在浏览器中编辑*现有* PDF [英] Edit *existing* PDF in a browser

查看:131
本文介绍了在浏览器中编辑*现有* PDF的处理方法,对大家解决问题具有一定的参考价值,需要的朋友们下面随着小编来一起学习吧!

问题描述

我有一个Web应用程序,当前从服务器获取PDF的base64表示。我可以使用Mozilla的pdf.js在< canvas> 上显示,并通过下拉列表切换页面。

I have a web application that is currently getting a base64 representation of a PDF from the server. I'm able to use Mozilla's pdf.js to display this on a <canvas> and toggle through the pages with a dropdown.

根据我能找到的所有内容和 Can Mozilla的pdf .js修改PDF?,无法用pdf.js编辑PDF。

According to everything I've been able to find and Can Mozilla's pdf.js modify PDFs?, it's not possible to edit the PDF with pdf.js.

我发现 jsPDF ,虽然我可以拿画布并执行 .toDataURL()它为每个页面并使用它构建一个新的PDF文档,但有两个问题:

I've found jsPDF and while I'm able to take the canvas and do a .toDataURL() with it for each page and build a new PDF document with it, but there are two issues:


  1. 新生成的PDF将只是一个系列每页上的图像,所以原来PDF中的任何文字都只是我完成后的图像。

  2. 我用jsPDF生成一个新的PDF然后发送base64的它回到pdf.js以在画布上显示它。在这些步骤之间发生了一些事情,其中​​页面的图像缩放不正确,因此每次新的PDF更改后,每个页面占据画布的大约3/4。我一直无法保持相同的尺寸/比例。

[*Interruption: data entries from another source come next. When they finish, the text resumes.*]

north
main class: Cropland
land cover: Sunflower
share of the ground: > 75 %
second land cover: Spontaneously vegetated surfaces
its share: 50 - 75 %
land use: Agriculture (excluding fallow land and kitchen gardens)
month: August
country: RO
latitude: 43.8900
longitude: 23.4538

jsPDF看起来没有办法加载现有的PDF,它只会创建新的PDF。 pdfmake PDFKit 看起来也只是创建新的PDF文件。

jsPDF doesn't look like it has a way to load an existing PDF, it only creates new ones. pdfmake and PDFKit also look like they only create new PDF files.

所以我的问题:

是否有任何内容可以同时查看pdf(来自base64)并对其进行更改?
理想情况下,我会关注画布的更改,然后将该更改绘制到pdf页面上。完成后,将其导出到base64字符串以发送回服务器。

Is there anything that will allow for both viewing a pdf (from base64) and for making changes to it? Ideally I'd watch for changes to the canvas, then draw that change onto the pdf page. When done, export that to a base64 string to send back to the server.

推荐答案

快速回答 - 不,并且不太可能你会发现一个跨浏览器的解决方案。您不太可能找到PDF完美的解决方案。最好考虑让用户编辑HTML并在服务器上生成PDF。

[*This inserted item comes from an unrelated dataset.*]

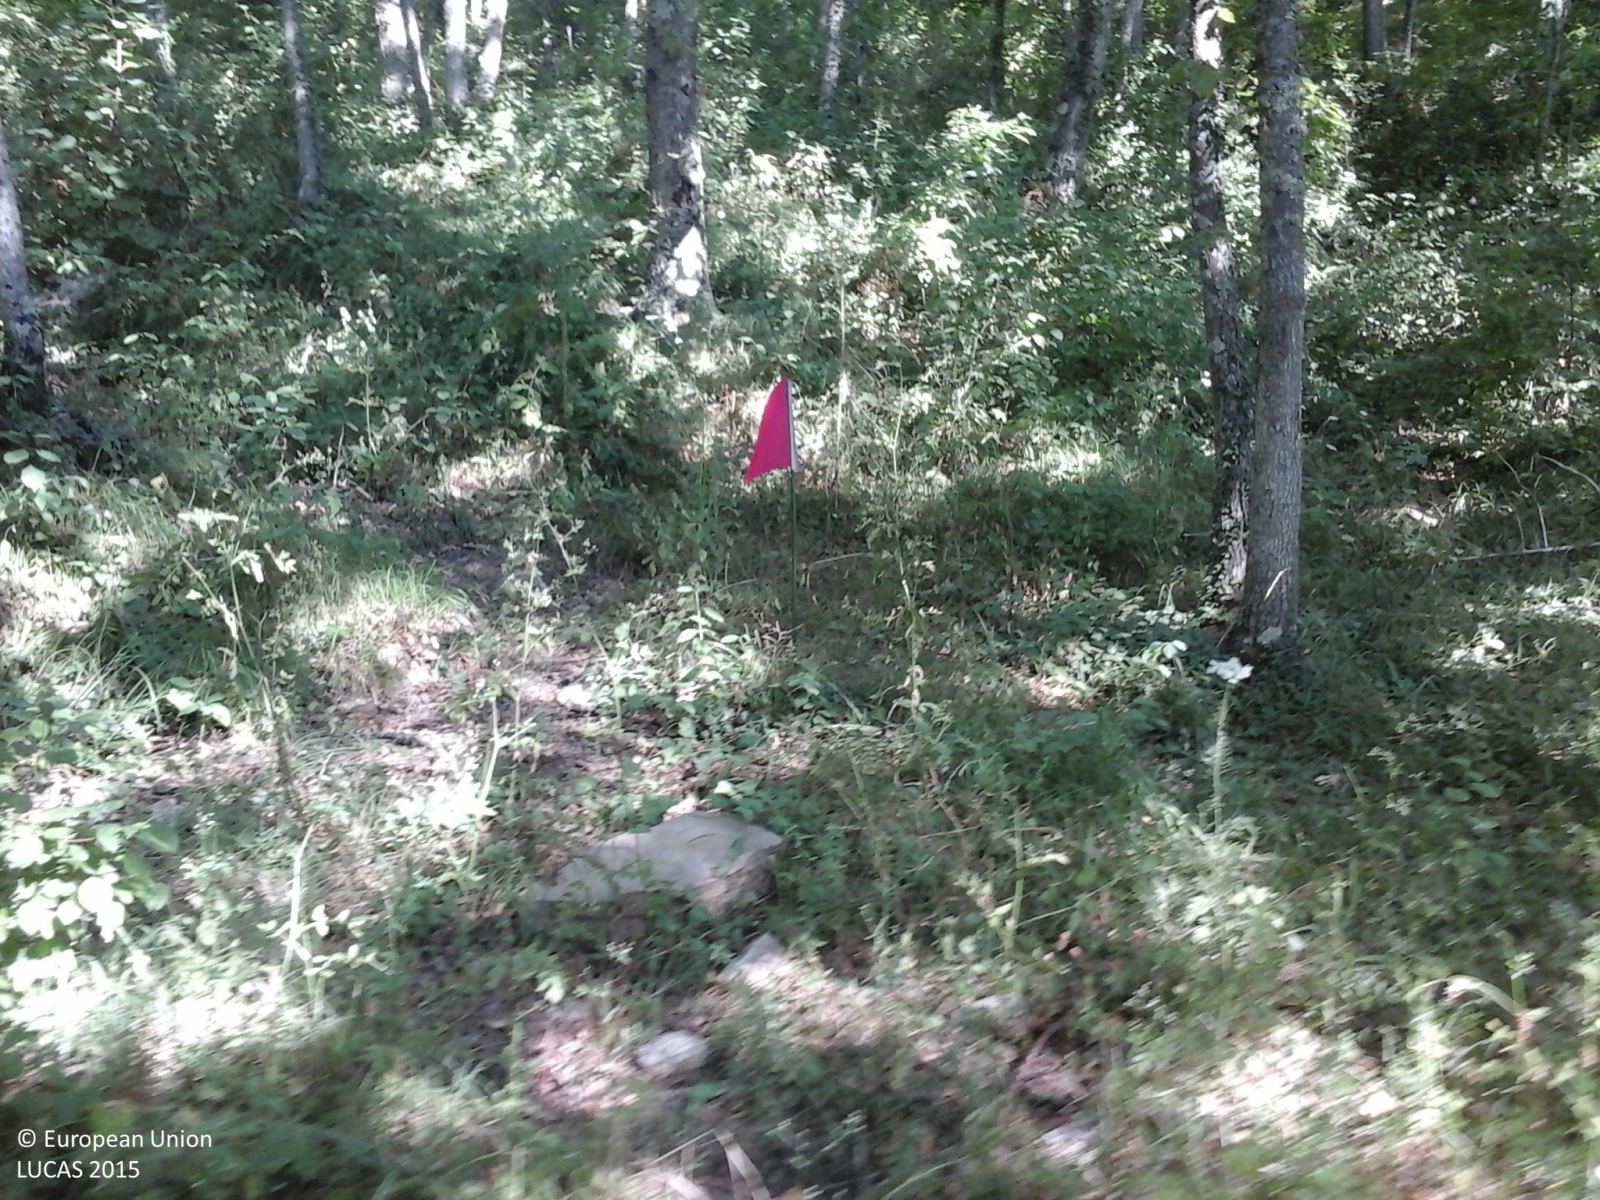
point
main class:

Quick answer - no and it is quite unlikely you will find a cross-browser solution. It is very unlikely that you will find a PDF-perfect solution. Better to think about having the users edit HTML and generate the PDF at the server.

为什么 - PDF格式既同时又精彩和恶魔。由于其便携性而非常出色,但由于内部结构和存储机制的恶魔。 HTML没有友好的DOM。如果我们重新开始开发便携式文档格式,那么我们不会选择PDF格式。但PDF目前有太大的动力被抛弃,期间。

Why - the PDF format is both brilliant and fiendish at the same time. Brilliant because of its portability, but fiendish because of the internal structure and storage mechanisms. There is no friendly 'DOM' like with HTML. If we were starting out afresh to develop a portable document format it would not be PDF that we would choose. But PDF currently has too much momentum to be thrown away, period.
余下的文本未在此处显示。